§ WHAT TO PRODUCE:
From the line containing "Transcribe the Devanagari" through the last line of the records below, output every line exactly as it appears, but leave out the pictures.

BEGIN STORED DATA

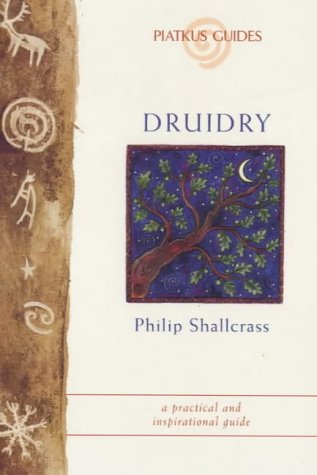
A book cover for Druidry (Piatkus Guides); Philip Shallcrass; Religion & Spirituality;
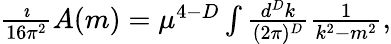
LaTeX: \begin{array}{r}{\frac{\imath}{16\pi^{2}}A(m)=\mu^{4-D}\int\frac{d^{D}k}{(2\pi)^{D}}\frac{1}{k^{2}-m^{2}},}\end{array}
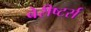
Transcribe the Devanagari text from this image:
बेरीष्टर्स
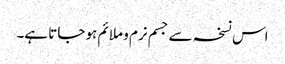
اس نسخہ سے جسم نرم و ملائم ہو جاتا ہے۔
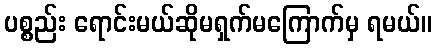
ပစ္စည်း ရောင်းမယ်ဆိုမရှက်မကြောက်မှ ရမယ်။
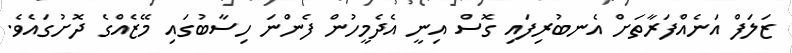
ޒަލަފް އަނެއްފަރާތަށް އެނބުރިފައި ގޮސް އިނީ އެދެމީހުން ފެންނަ ހިސާބުގައި މޭޒެއްގެ ދޮށުގައެވެ.
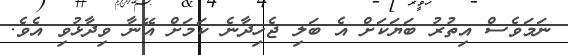
ނަމަވެސް އިތުރު ބަޔަކަށް އެ ބަލި ޖެހިދާނެ ކަމަށް އޭނާ ވިދާޅުވި އެވެ.
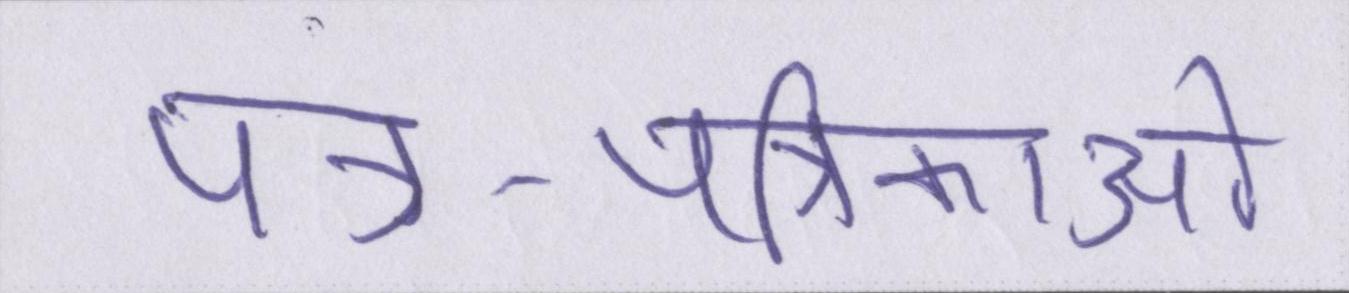
पत्र-पत्रिकाओं

END STORED DATA

§ ANSWER FOR THIS EXERCISE:
Transcribe the Devanagari text from this image:
बेरीष्टर्स
اس نسخہ سے جسم نرم و ملائم ہو جاتا ہے۔
ပစ္စည်း ရောင်းမယ်ဆိုမရှက်မကြောက်မှ ရမယ်။
ޒަލަފް އަނެއްފަރާތަށް އެނބުރިފައި ގޮސް އިނީ އެދެމީހުން ފެންނަ ހިސާބުގައި މޭޒެއްގެ ދޮށުގައެވެ.
ނަމަވެސް އިތުރު ބަޔަކަށް އެ ބަލި ޖެހިދާނެ ކަމަށް އޭނާ ވިދާޅުވި އެވެ.
पत्र-पत्रिकाओं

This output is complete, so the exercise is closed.